Inappropriate use of antibiotics and inadequate source control were found to be independent predictors of mortality in a previous analysis [37]. High levels of antibiotic resistance have left few treatment options available to surgeons [8]. However, we found no change in mortality rates over time. This could partially be attributable to the effective management of source control. Newer IAI treatment guidelines recommend intravenous antimicrobial agents as a supplement to source control, and source control may be an available option for surgeons to prevent the emergence of antibiotic-resistant microbial strains [38].

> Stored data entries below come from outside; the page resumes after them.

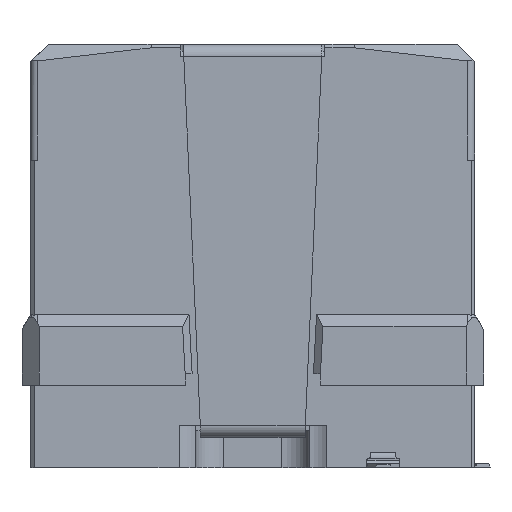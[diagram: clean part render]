
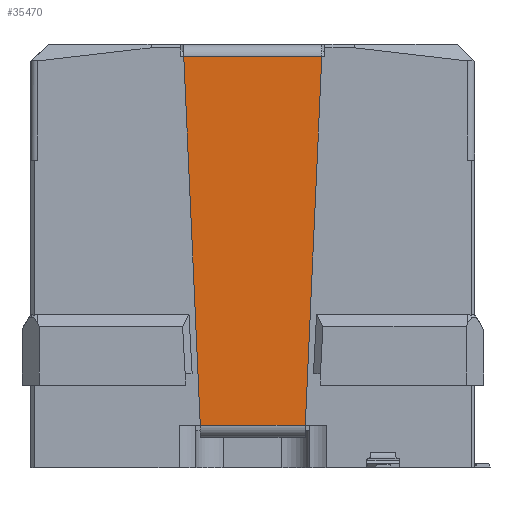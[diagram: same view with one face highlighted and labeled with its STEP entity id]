
A CAD part, left-side view. The second image highlights one B-rep face of the part: STEP entity #35470.
In plain terms, the highlighted planar face has unit normal (-1, 0, 0).
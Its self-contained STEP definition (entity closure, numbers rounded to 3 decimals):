
#791 = VECTOR ( 'NONE', #31774, 1000. ) ;
#937 = VERTEX_POINT ( 'NONE', #27908 ) ;
#1558 = ORIENTED_EDGE ( 'NONE', *, *, #18474, .T. ) ;
#1642 = ORIENTED_EDGE ( 'NONE', *, *, #10943, .F. ) ;
#1868 = CARTESIAN_POINT ( 'NONE',  ( -7.75, 0.98, 7.874 ) ) ;
#2100 = ORIENTED_EDGE ( 'NONE', *, *, #21063, .F. ) ;
#4193 = CARTESIAN_POINT ( 'NONE',  ( -7.75, 2.057, 5.044 ) ) ;
#4286 = PLANE ( 'NONE',  #7559 ) ;
#4319 = CARTESIAN_POINT ( 'NONE',  ( -7.75, 5.231, 1.21 ) ) ;
#4635 = DIRECTION ( 'NONE',  ( 1., 0., 0. ) ) ;
#5021 = VERTEX_POINT ( 'NONE', #14483 ) ;
#5556 = VECTOR ( 'NONE', #28511, 1000. ) ;
#6008 = CARTESIAN_POINT ( 'NONE',  ( -7.75, 1.928, 7.917 ) ) ;
#7177 = CARTESIAN_POINT ( 'NONE',  ( -7.75, 2.229, 1.21 ) ) ;
#7418 = CARTESIAN_POINT ( 'NONE',  ( -7.75, 1.756, 11.76 ) ) ;
#7433 = ORIENTED_EDGE ( 'NONE', *, *, #26926, .T. ) ;
#7559 = AXIS2_PLACEMENT_3D ( 'NONE', #1868, #4635, #18233 ) ;
#8978 = VECTOR ( 'NONE', #22573, 1000. ) ;
#9340 = VECTOR ( 'NONE', #19564, 1000. ) ;
#9720 = VECTOR ( 'NONE', #13996, 1000. ) ;
#10741 = LINE ( 'NONE', #4193, #791 ) ;
#10943 = EDGE_CURVE ( 'NONE', #27475, #13277, #11483, .T. ) ;
#10954 = CARTESIAN_POINT ( 'NONE',  ( -7.75, 0.98, 1.21 ) ) ;
#11483 = LINE ( 'NONE', #10954, #9340 ) ;
#11538 = VECTOR ( 'NONE', #34186, 1000. ) ;
#12279 = EDGE_CURVE ( 'NONE', #13277, #5021, #28279, .T. ) ;
#12398 = EDGE_LOOP ( 'NONE', ( #1558, #34953, #1642, #33534, #7433, #32573, #20602, #2100 ) ) ;
#12534 = VERTEX_POINT ( 'NONE', #28639 ) ;
#13277 = VERTEX_POINT ( 'NONE', #4319 ) ;
#13996 = DIRECTION ( 'NONE',  ( 0., 0.045, 0.999 ) ) ;
#14483 = CARTESIAN_POINT ( 'NONE',  ( -7.75, 5.403, 5.044 ) ) ;
#16700 = LINE ( 'NONE', #32983, #27092 ) ;
#18014 = VERTEX_POINT ( 'NONE', #28273 ) ;
#18164 = EDGE_CURVE ( 'NONE', #21586, #35783, #31004, .T. ) ;
#18233 = DIRECTION ( 'NONE',  ( 0., 0., 1. ) ) ;
#18474 = EDGE_CURVE ( 'NONE', #937, #5021, #28458, .T. ) ;
#19288 = EDGE_CURVE ( 'NONE', #21586, #12534, #16700, .T. ) ;
#19564 = DIRECTION ( 'NONE',  ( 0., 1., 0. ) ) ;
#20319 = CARTESIAN_POINT ( 'NONE',  ( -7.75, 0.98, 11.76 ) ) ;
#20602 = ORIENTED_EDGE ( 'NONE', *, *, #18164, .T. ) ;
#20961 = VECTOR ( 'NONE', #35635, 1000. ) ;
#21063 = EDGE_CURVE ( 'NONE', #937, #35783, #25275, .T. ) ;
#21586 = VERTEX_POINT ( 'NONE', #7418 ) ;
#22482 = CARTESIAN_POINT ( 'NONE',  ( -7.75, 5.53, 7.874 ) ) ;
#22573 = DIRECTION ( 'NONE',  ( 0., -0.045, -0.999 ) ) ;
#24864 = CARTESIAN_POINT ( 'NONE',  ( -7.75, 5.231, 1.21 ) ) ;
#25164 = CARTESIAN_POINT ( 'NONE',  ( -7.75, 5.704, 11.76 ) ) ;
#25275 = LINE ( 'NONE', #22482, #9720 ) ;
#25376 = EDGE_CURVE ( 'NONE', #18014, #27475, #10741, .T. ) ;
#26926 = EDGE_CURVE ( 'NONE', #18014, #12534, #27649, .T. ) ;
#27092 = VECTOR ( 'NONE', #35533, 1000. ) ;
#27475 = VERTEX_POINT ( 'NONE', #7177 ) ;
#27649 = LINE ( 'NONE', #6008, #5556 ) ;
#27908 = CARTESIAN_POINT ( 'NONE',  ( -7.75, 5.53, 7.874 ) ) ;
#28273 = CARTESIAN_POINT ( 'NONE',  ( -7.75, 2.057, 5.044 ) ) ;
#28279 = LINE ( 'NONE', #24864, #20961 ) ;
#28458 = LINE ( 'NONE', #33782, #8978 ) ;
#28511 = DIRECTION ( 'NONE',  ( 0., -0.045, 0.999 ) ) ;
#28639 = CARTESIAN_POINT ( 'NONE',  ( -7.75, 1.93, 7.874 ) ) ;
#29491 = FACE_OUTER_BOUND ( 'NONE', #12398, .T. ) ;
#31004 = LINE ( 'NONE', #20319, #11538 ) ;
#31774 = DIRECTION ( 'NONE',  ( 0., 0.045, -0.999 ) ) ;
#32573 = ORIENTED_EDGE ( 'NONE', *, *, #19288, .F. ) ;
#32983 = CARTESIAN_POINT ( 'NONE',  ( -7.75, 1.756, 11.76 ) ) ;
#33534 = ORIENTED_EDGE ( 'NONE', *, *, #25376, .F. ) ;
#33782 = CARTESIAN_POINT ( 'NONE',  ( -7.75, 5.521, 7.67 ) ) ;
#34186 = DIRECTION ( 'NONE',  ( 0., 1., 0. ) ) ;
#34953 = ORIENTED_EDGE ( 'NONE', *, *, #12279, .F. ) ;
#35470 = ADVANCED_FACE ( 'NONE', ( #29491 ), #4286, .F. ) ;
#35533 = DIRECTION ( 'NONE',  ( 0., 0.045, -0.999 ) ) ;
#35635 = DIRECTION ( 'NONE',  ( 0., 0.045, 0.999 ) ) ;
#35783 = VERTEX_POINT ( 'NONE', #25164 ) ;

There are some limitations to our study. First, it is a retrospective and single-center surveillance study, which may explain the higher resistance levels observed in our study than other reports from China [23]. However, the critically ill patients at our center were transferred from other hospitals throughout the country, so our study may represent the bacteriology and antimicrobial resistance profiles of severely infected GI fistula patients in China more generally. Second, we did not perform polymerase chain reaction (PCR) and DNA sequencing of isolates. Third, we did not use the unified CLSI breakpoints, as annually updated. In fact, our microbiology laboratory updated determinations according to the newest CLSI documents and 2008–2015 isolates were determined by each year’s documents. Change of breakpoints might cause fluctuations of antimicrobial resistance in short-term surveillances [12]. But there is not a large difference between CLSI breakpoints. And a longitudinal surveillance spanning over 8 years is of great significance for monitoring resistance, which may minimize referral bias.

Conclusions

This study illustrates the shifting trends in bacteriology and antimicrobial resistance in GI fistula patients in China over time. Gram-negative bacteria have become a more significant cause of IAIs in these patients. Currently, carbapenem resistances in Gram-negative bacteria is a serious problem in this patient group. Our findings confirm the urgent need to continue surveillance studies that monitor bacteriology and antimicrobial resistance trends. Infection control and source control are important tools for surgeons to use to prevent the emergence of isolated antibiotic-resistant pathogens.